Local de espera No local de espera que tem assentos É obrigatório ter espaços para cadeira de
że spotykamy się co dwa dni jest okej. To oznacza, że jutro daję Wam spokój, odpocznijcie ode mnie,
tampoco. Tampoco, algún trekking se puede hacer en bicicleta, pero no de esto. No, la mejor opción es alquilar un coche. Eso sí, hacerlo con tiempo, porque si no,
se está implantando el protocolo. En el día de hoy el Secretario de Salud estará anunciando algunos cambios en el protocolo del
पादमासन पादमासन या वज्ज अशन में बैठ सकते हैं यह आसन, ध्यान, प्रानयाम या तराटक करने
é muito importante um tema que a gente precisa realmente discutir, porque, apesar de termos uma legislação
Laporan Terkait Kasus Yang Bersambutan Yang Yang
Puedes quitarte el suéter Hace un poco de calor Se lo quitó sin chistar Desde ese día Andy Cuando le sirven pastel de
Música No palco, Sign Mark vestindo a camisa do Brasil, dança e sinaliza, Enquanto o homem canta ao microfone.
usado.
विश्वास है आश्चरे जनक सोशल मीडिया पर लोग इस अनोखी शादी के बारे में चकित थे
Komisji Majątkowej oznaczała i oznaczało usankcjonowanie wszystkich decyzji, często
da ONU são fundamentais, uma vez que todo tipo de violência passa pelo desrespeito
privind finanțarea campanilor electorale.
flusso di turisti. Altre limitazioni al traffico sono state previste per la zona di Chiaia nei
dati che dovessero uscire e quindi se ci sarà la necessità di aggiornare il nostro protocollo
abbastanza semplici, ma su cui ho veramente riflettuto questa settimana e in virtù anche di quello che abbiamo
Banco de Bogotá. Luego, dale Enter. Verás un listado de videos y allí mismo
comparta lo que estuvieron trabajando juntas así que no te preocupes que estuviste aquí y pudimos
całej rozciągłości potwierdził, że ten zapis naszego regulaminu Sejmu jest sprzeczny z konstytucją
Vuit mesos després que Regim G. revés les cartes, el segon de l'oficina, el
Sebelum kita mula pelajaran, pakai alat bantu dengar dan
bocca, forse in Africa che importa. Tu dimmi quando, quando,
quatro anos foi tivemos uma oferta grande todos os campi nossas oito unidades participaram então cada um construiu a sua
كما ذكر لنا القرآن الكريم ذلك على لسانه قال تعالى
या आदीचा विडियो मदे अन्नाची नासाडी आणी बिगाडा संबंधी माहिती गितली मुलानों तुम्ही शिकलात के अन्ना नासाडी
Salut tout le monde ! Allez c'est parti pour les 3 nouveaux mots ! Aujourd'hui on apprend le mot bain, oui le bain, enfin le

********************

* WHAT THE EXERCISE ASKS *
For every line of the records that has the word "jest" in it, make a copy.

* RESULT *
że spotykamy się co dwa dni jest okej. To oznacza, że jutro daję Wam spokój, odpocznijcie ode mnie,
całej rozciągłości potwierdził, że ten zapis naszego regulaminu Sejmu jest sprzeczny z konstytucją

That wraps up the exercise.